In Sierra Leone, many girls drop out of school frequently as a result of poverty. In an attempt to better their financial circumstances or pay off debt, their family then marry them off. The Prohibition of Child Marriage Bill 2024, which ensures that 18 is the minimum legal age of marriage, reflects a harmonization of these laws. The new bill includes measures to ensure that young girls impacted by early child marriage have access to education and social services, safeguard the rights of victims, and penalize offenders.

It is against the law to marry a girl who is younger than eighteen. Additionally, it stipulates that criminals may serve up to 15 years in jail. 800,000 child brides reside in the nation; according to the UN agency, 400,000 of them were married before turning 15.

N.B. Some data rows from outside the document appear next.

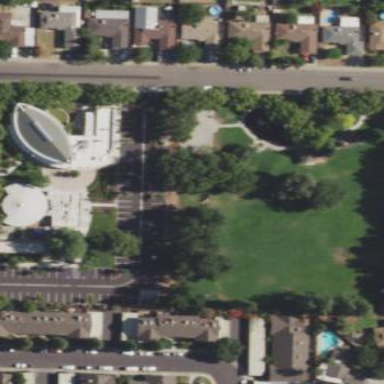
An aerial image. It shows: Park.
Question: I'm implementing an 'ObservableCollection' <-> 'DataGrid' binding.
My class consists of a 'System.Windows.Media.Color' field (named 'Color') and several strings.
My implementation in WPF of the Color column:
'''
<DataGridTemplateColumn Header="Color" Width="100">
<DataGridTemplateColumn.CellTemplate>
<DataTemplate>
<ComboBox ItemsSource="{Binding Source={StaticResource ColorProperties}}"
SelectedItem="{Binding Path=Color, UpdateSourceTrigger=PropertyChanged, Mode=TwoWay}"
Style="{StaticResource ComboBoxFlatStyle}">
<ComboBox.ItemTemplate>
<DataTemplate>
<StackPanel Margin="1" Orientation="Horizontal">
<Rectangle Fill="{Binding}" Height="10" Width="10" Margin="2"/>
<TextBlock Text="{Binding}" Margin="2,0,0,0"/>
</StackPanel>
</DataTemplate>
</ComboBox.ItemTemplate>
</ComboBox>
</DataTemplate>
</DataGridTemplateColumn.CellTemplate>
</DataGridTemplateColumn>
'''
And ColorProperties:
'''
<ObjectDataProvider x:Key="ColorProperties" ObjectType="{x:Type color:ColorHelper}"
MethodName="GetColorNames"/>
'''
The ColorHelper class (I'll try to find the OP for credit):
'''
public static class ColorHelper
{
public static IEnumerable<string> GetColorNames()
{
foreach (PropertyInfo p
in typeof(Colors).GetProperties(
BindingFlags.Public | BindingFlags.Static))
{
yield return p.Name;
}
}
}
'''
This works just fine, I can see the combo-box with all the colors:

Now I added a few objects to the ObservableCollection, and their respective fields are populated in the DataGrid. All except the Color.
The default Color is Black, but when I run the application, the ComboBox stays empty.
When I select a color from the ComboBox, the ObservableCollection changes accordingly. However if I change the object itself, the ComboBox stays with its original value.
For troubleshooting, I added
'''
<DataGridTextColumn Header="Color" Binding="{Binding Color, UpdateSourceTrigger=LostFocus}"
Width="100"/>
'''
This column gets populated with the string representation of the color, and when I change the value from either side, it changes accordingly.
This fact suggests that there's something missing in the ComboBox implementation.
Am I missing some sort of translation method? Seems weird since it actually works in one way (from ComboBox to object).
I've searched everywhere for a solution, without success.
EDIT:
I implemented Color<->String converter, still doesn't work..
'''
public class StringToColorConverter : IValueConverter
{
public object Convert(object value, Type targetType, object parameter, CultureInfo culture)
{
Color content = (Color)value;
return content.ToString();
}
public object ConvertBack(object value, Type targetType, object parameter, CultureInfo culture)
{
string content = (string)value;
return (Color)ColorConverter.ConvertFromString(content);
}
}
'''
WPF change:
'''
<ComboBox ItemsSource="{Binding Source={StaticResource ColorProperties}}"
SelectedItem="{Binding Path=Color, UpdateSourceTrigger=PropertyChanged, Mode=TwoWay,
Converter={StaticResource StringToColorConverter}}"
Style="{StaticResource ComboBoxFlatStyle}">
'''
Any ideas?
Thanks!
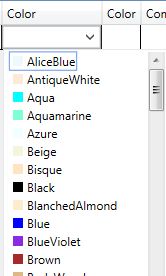
Answer: OK i found out what was wrong. It looks like getting the actual name from a color is not that simple. ToString returns the hex string, and not the actual color name.
So I used the answer from <URL> to create the converter.
'''
public class ColorToStringConverter : IValueConverter
{
public object Convert(object value, Type targetType, object parameter, CultureInfo culture)
{
Color KnownColor;
Color content = (Color)value;
Type ColorType = typeof(System.Windows.Media.Colors);
PropertyInfo[] ColorsCollection = ColorType.GetProperties(BindingFlags.Public | BindingFlags.Static);
foreach (PropertyInfo pi in ColorsCollection)
{
KnownColor = (Color)pi.GetValue(null);
if (KnownColor == content)
return pi.Name;
}
return String.Empty;
}
public object ConvertBack(object value, Type targetType, object parameter, CultureInfo culture)
{
string content = (string)value;
return (Color)ColorConverter.ConvertFromString(content);
}
}
'''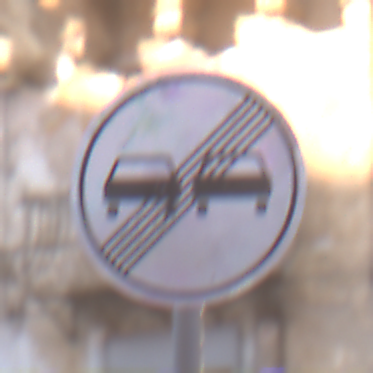
Verkehrszeichen: EndeUeberholverbot
Umgebung: Outdoor, Urban
Tageszeit: MorningAfternoon
Wetter: PartlyCloudy
Licht: Natural
Jahreszeit: NotSpecified
Kontrast: LowContrast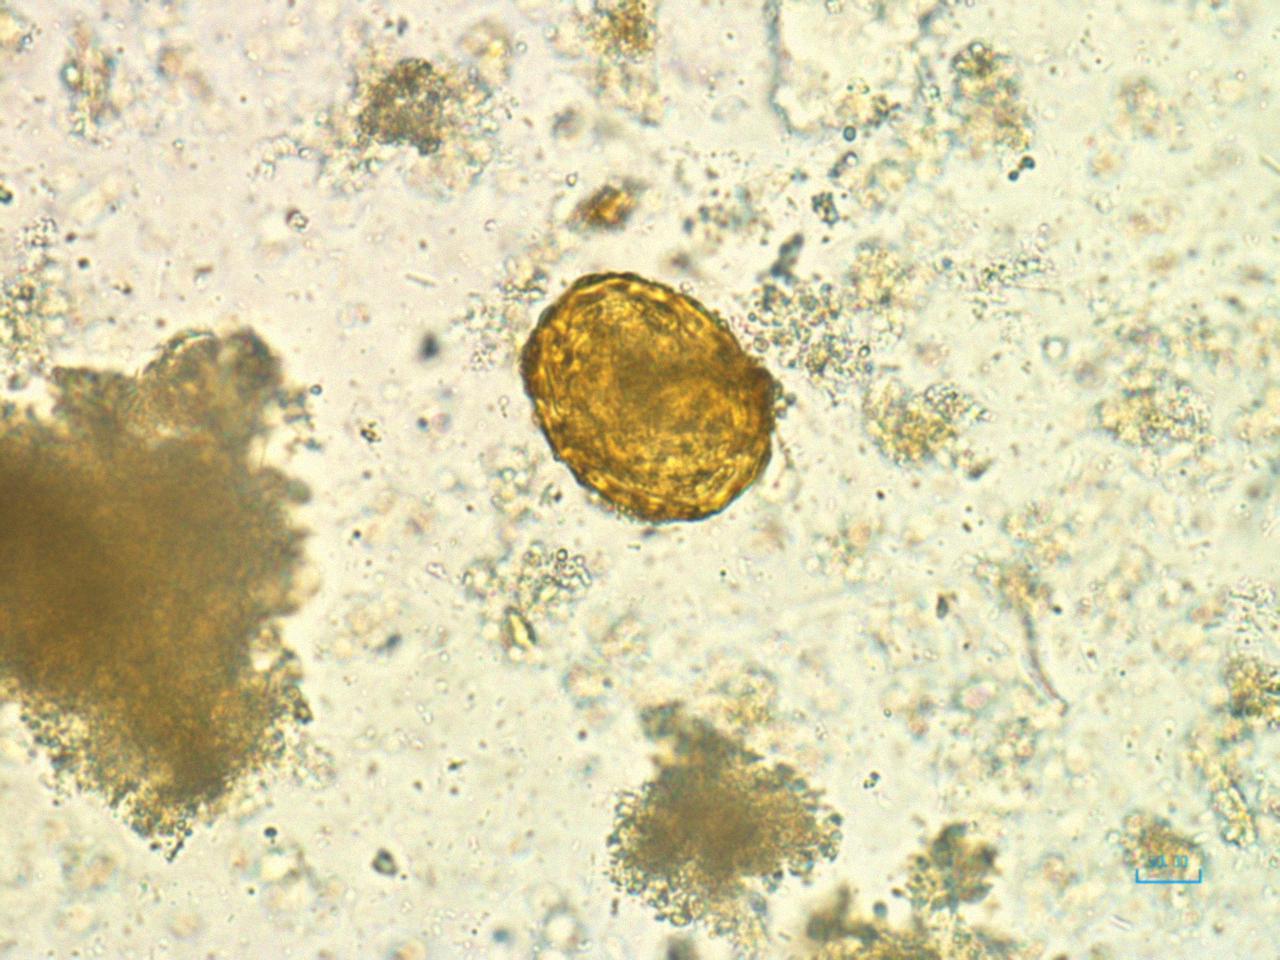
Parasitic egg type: Ascaris lumbricoides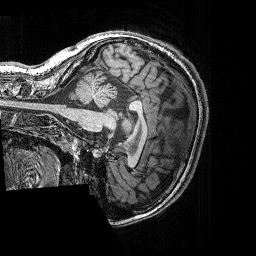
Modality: T1w
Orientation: sagittal
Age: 21
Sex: female
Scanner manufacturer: siemens
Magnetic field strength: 3 T
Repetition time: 2.25 s
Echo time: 0.00418 s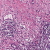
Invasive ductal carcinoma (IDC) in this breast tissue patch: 1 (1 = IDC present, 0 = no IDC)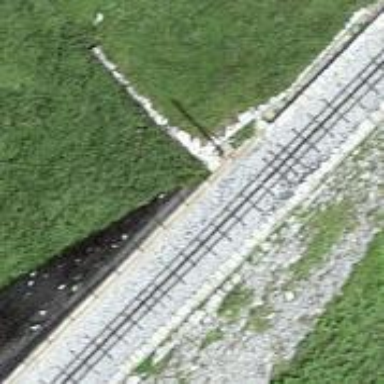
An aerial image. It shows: Narrow-gauge railway running along electrified contact line on embankment.
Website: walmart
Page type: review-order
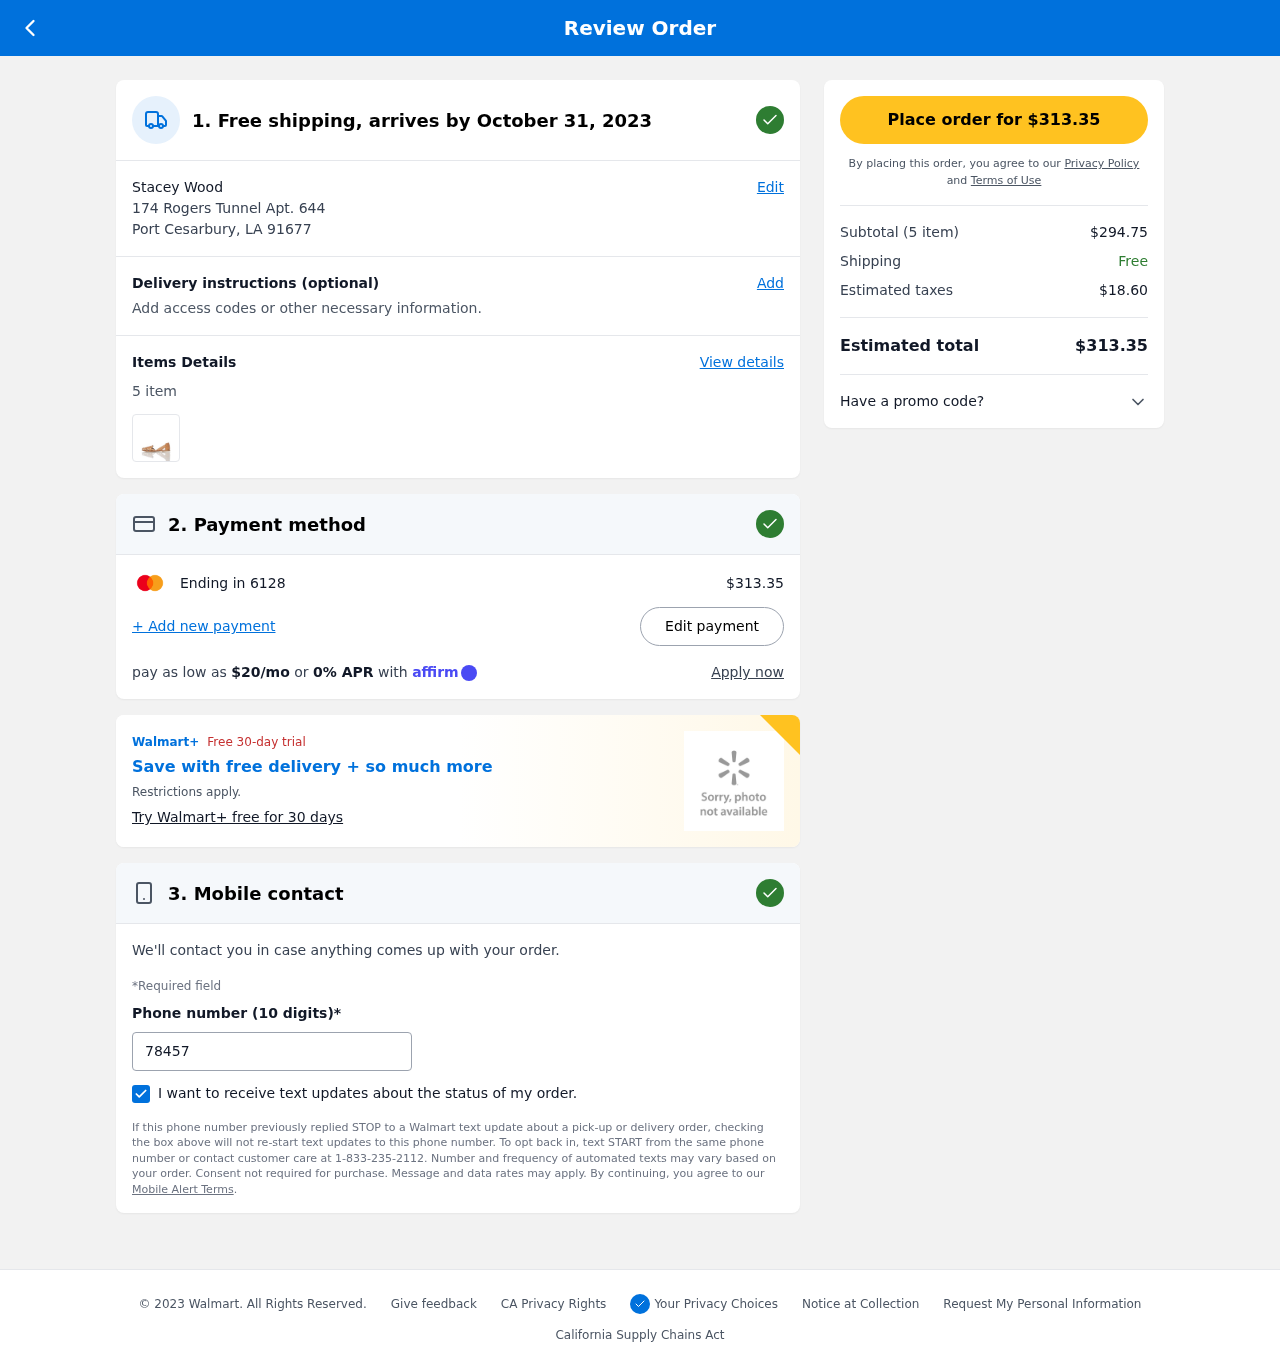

About 10.5% of young women in Sub-Saharan Africa were married before turning 15 as of 2020. Generally, in the continent, child marriage was a frequent custom. Before turning fifteen, one in four adolescent women in the Central African Republic were married or in a partnership. Chad’s percentage of 24% was comparable. Conversely, at less than one per cent, South Africa and Lesotho had the lowest rates of female marriages before the age of fifteen.

While some African nations have witnessed significant reductions in child marriage, others have experienced stasis. More women and girls are at risk of child marriage as a result of conflict, climate change, and COVID-19, which have all disrupted schooling and caused economic shocks. Some parents have turned to child marriage as a way to deal with the aftermath of crises. Another angle to the matter is the production of a child army, susceptible to extremist indoctrination since an increase in out-of-school has been established to be linked to growth in child marriage, thereby granting easy recruitment for terrorism within the continent.

Like Sierra Leone, the rest of Africa must face the cultural and religious sentiments that excuse child marriage and outlaw the practice, beyond the ordinary declaration of marriageable age but with precise consequences for defaulters, including but not limited to the parent, the supposed groom, and all other accomplices.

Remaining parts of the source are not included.